Spokane pair continues TV ‘Experience’

A year ago, I wrote about two Spokane-area men who were up to their gills in a dream come true.
Seth Burrill was fishing for fun, fame and fortune, and Mickey Hough was working the camera and editing for a television angling show, “Angler’s Experience,” that debuted in this market last January.
Most dreams of this nature are short, if not nightmarish. But Burrill, 29, and Hough, 34, have been standouts among the casts of thousands trying to angle their way into the tube.
“We’re signed up for another season with Fox 28 and the Sportsman’s Channel and we’re ready to release our first instructional DVD with a program that’s scheduled to run on Christmas Day,” Burrill said recently from his Spokane Valley office.
Their success is bittersweet, especially for Burrill, who might be happiest if he were on the water seven days a week. Please excuse them if they’re late with the holiday greetings.
“Mickey’s been working 12- to 13-hour days, seven days a week lately just to keep on top of it,” Burrill said. “By Jan. 1, we have to complete four shows, build five commercials and launch the DVD.”
The local anglers have drifted into new waters where the only thing better than netting fish is landing a new sponsor.
“We have six major ones now – Oxarc, Lincoln Electric, EZ Loader, Crestliner, Honda Marine and Tobler Marina,” Burrill said. “That’s how we make a living.
“People think, ‘He’s on TV; he must be making a lot of money.’ Noooo. I have to pay $98,000 a year just for the air time. That has to be recouped with advertising and sponsors.”
“Angler’s Experience” keeps the overhead low. “We have just three employees,” he said. “Me, Mickey and my mom, who does the books.”
The show is broadcast in 47 states, 2,100 cities and it’s available to 14 million households, but that’s still a long way from the big time, he said. “The Outdoor Life Network is bigger, but I’d have to pay $10,000 a weekend to be there as opposed to the $2,000 or so we pay to be on the Sportsman’s Network, which is available only by satellite in some areas.”

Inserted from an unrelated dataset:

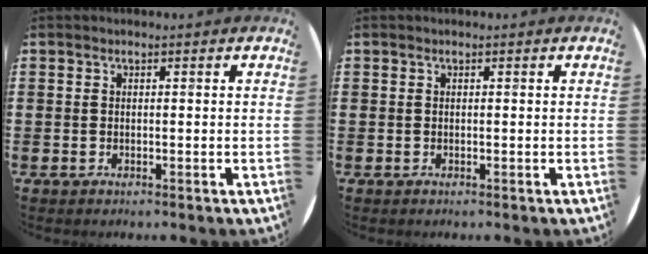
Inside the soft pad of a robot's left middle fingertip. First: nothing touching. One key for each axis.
{"total": 0.0}

In Spokane, “Angler’s Experience” is carried on KAYU Fox 28, where it has about 26,000 viewers, according to Nielsen ratings. “Other fishing programs didn’t even make the Nielsen book, so we’re proud of that,” he said.

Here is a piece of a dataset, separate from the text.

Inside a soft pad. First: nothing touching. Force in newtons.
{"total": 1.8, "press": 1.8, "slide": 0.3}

All this attention on the bottom line hasn’t diverted Burrill’s focus from what’s attached to the fishing line.
Indeed, the lack of a lunker expense account forces Burrill to be a better angler and Hough to be sharper with the camera.
“Those big shows like “Bill Dance” might go out on location for five days to make a show,” Burrill said. “Mickey and I might have only Monday and Tuesday to make something happen.” That’s pressure fishing, maybe, but it also gives viewers a more realistic picture of the fishing experience.

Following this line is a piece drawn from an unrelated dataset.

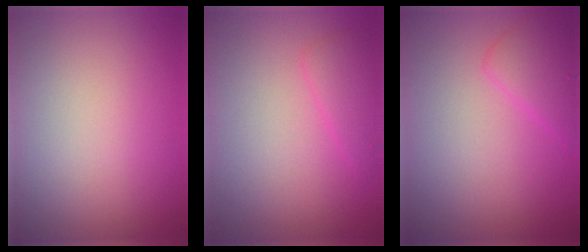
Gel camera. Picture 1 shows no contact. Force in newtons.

Most of the programs are filmed at Burrill’s favorite fishing holes, which explains whey they rarely pinpoint the show’s locations.
The segments emphasize “how-to” rather than “where-to,” although local anglers might recognize places as close as Newman Lake, the Snake and Columbia rivers or the show’s closing shot with the boat running down the Spokane Arm of Lake Roosevelt.
The Christmas Day show will detail a fishing technique called “drop-shotting,” in which a sinker is tied to the end of the line and a plastic minnow is attached to a hook tied a few feet up. The technique isn’t new to the United States, but it’s become the rage since a Japanese angler wowed the pro bassing scene with a technique used routinely in his country’s crowded waters.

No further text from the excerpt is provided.